We are seeking an Associate Director of Drug Product Process Development and Manufacturing who is experienced, knowledgeable, highly energetic, and self-motivated. The individual will be working with and engaging in cross functional project teams on existing and new drug products to ensure robust development data packages for regulatory submissions. This position will lead all aspects of non-GMP and GMP drug product development and manufacturing at external CMOs. In addition, internal process development laboratory capability are planned for future growth. A strong knowledge of sterile parenteral filling and the requirements of clinical supply manufacturing is required as well as demonstrated experience in adherence to cGMP and FDA/EMA guidelines.

What You Will Contribute

• Subject matter expert on and lead for drug product development and clinical manufacturing projects, as applicable, which will include cross-functional team leadership.
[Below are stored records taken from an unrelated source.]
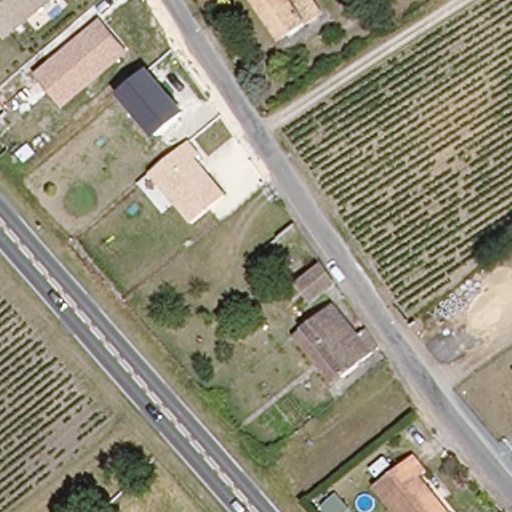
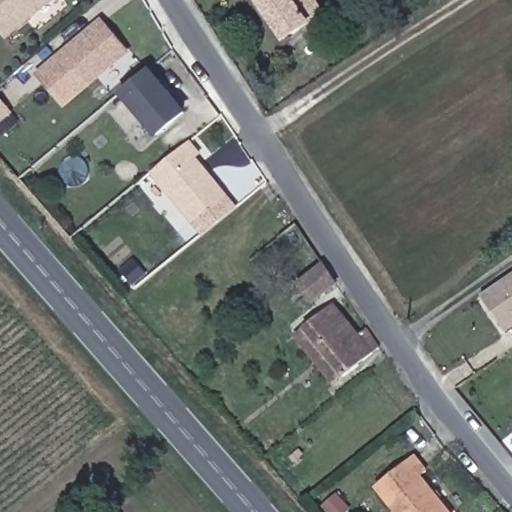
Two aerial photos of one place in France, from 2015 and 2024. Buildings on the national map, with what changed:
unchanged [(5,39),(0,33),(0,0),(51,0),(5,39)]
unchanged [(248,0),(316,0),(321,7),(282,34),(276,39),(254,9),(248,0)]
unchanged [(36,73),(100,18),(130,53),(64,109),(36,73)]
unchanged [(156,137),(120,93),(151,67),(172,93),(174,91),(189,112),(156,137)]
unchanged [(192,223),(150,173),(190,140),(201,153),(197,157),(229,194),(192,223)]
unchanged [(301,329),(328,306),(337,314),(343,309),(319,275),(290,299),(284,292),(314,267),(323,259),(352,302),(362,316),(351,325),(339,335),(350,325),(358,331),(366,324),(379,343),(345,370),(335,377),(292,336),(301,329)]
new [(480,295),(512,274),(512,327),(504,332),(480,295)]
unchanged [(420,469),(414,474),(444,512),(394,512),(371,484),(409,455),(420,469)]

• Work with CMOs and QA to ensure timely release of DP.
• Spearhead, and direct junior team members’ daily activities including composition, technical review, and technical approval of drug product manufacturing documents including, but not limited to, executed batch records, deviations, change controls, nonconformance investigations, etc.
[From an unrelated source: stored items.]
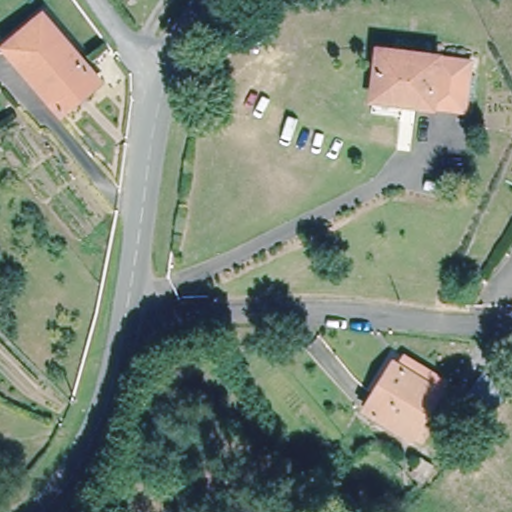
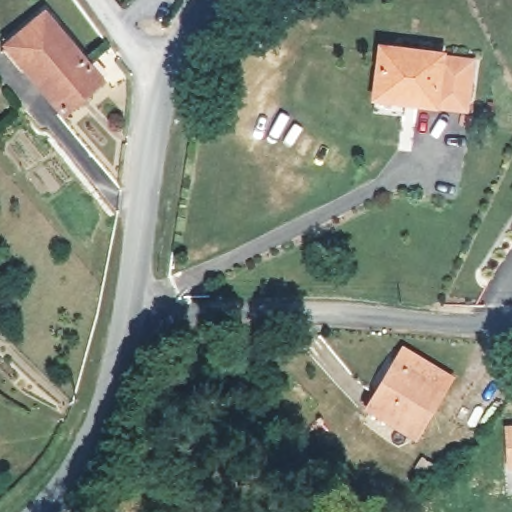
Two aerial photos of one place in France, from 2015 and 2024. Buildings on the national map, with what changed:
unchanged [(5,49),(47,16),(102,84),(60,118),(5,49)]
unchanged [(434,107),(414,105),(372,101),(378,50),(440,56),(434,107)]
unchanged [(440,56),(459,59),(470,60),(464,110),(452,109),(434,107),(440,56)]
unchanged [(368,410),(397,357),(400,358),(406,350),(449,377),(444,386),(414,440),(368,410)]
new [(507,471),(503,432),(512,432),(512,470),(507,471)]

• Work with CMOs, QA and supply chain to ensure timely delivery of drug substance to drug product sites in time for DP manufacturing.
• Provide Person-In-Plant support for drug product development and manufacturing runs.
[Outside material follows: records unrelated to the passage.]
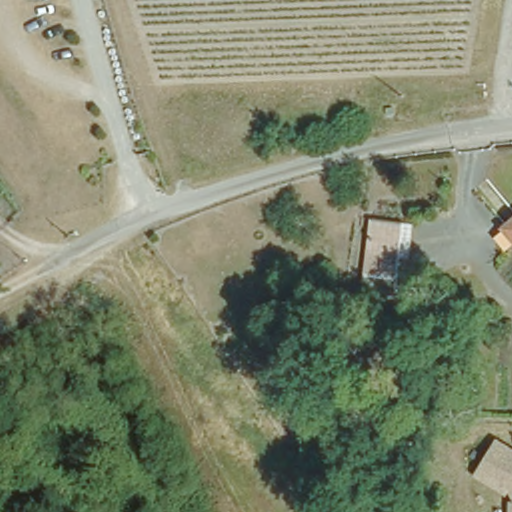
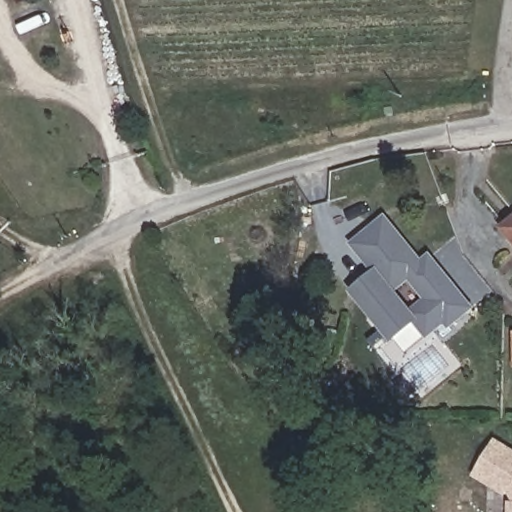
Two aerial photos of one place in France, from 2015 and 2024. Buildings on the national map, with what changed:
unchanged [(502,220),(503,216),(512,209),(512,238),(500,224),(502,220)]
new [(469,308),(446,327),(442,321),(430,331),(420,330),(412,321),(408,313),(425,300),(407,277),(390,291),(373,272),(377,270),(368,258),(364,261),(351,245),(382,219),(419,264),(427,257),(469,308)]
demolished [(358,275),(368,220),(400,225),(390,280),(358,275)]
new [(412,321),(389,340),(350,291),(373,272),(390,291),(408,313),(412,321)]
unchanged [(262,333),(261,333),(265,320),(283,325),(279,338),(262,333)]
unchanged [(512,498),(506,486),(502,490),(485,477),(472,467),(494,436),(512,449),(512,498)]
unchanged [(512,499),(512,512),(506,512),(507,499),(512,499)]

• Provide CMC support for regulatory filings including INDs, IND amendments and NDA/BLAs as needed.
• Work with QC team to support specification setting and to ensure that expiry and retest dating is current and fully aligned with the drug product supply plan.
• Lead tech transfer activities between CMOs and/or within CMOs for scale-up of new or existing drug products.
• Design, lead, and manage development, characterization, and validation studies, and support comparability studies; includes process characterization studies, container closure selection, freeze/thaw studies, lyophilization cycle development, product process qualification, filter validation, etc.
• Supervise direct reports and develop them to progress in their position.
• Keep abreast of and ensure adherence to applicable regulations including FDA, EMA, ICH, GCP, GMP and Avidity policies and procedures. Ensure GxP and SOP training tasks, including GDPR data privacy training, are completed in a timely manner.
  
  

• Ph.D. in pharmaceutical sciences/engineering or similar with at least 5 years relevant experience; or MS/BS in related scientific/engineering field with at least 10-15 years experience.
• Experience in biologics drug product GMP manufacturing and pharmaceutical unit operations required, along with understanding of US, EU, and ICH regulations and guidelines.
• Experience working with third-party CMOs preferred.
• Experience with aseptic filling and operations, including lyophilization, and with combination products such as syringes or cartridges a plus.
• Experience managing, supervising, or mentoring junior associates.
• Ability to multi-task, adapt to changing priorities, and work in a fast-paced environment.
• Must be a self-motivated individual requiring little oversight on day-to-day activities.
• Ability to build alignment, foster collaboration, and drive shared ownership across functions to achieve results in a complex, matrixed environment.
• Ability to travel as required up to 20%.
• Demonstrated curiosity and openness to integrating AI-powered tools to enhance functional processes, support data-informed decisions, and drive innovative outcomes across teams.
  
  
  

• The base salary range for this role is $119,700 - $222,300. The final compensation will be commensurate with such factors as relevant experience, skillset, internal equity and market factors.
• Avidity offers competitive compensation and benefits, which includes the opportunity for annual bonus as well as a 401(k) with an employer match. In addition, the comprehensive wellness program includes coverage for medical, dental, vision, and LTD, and four weeks of time off.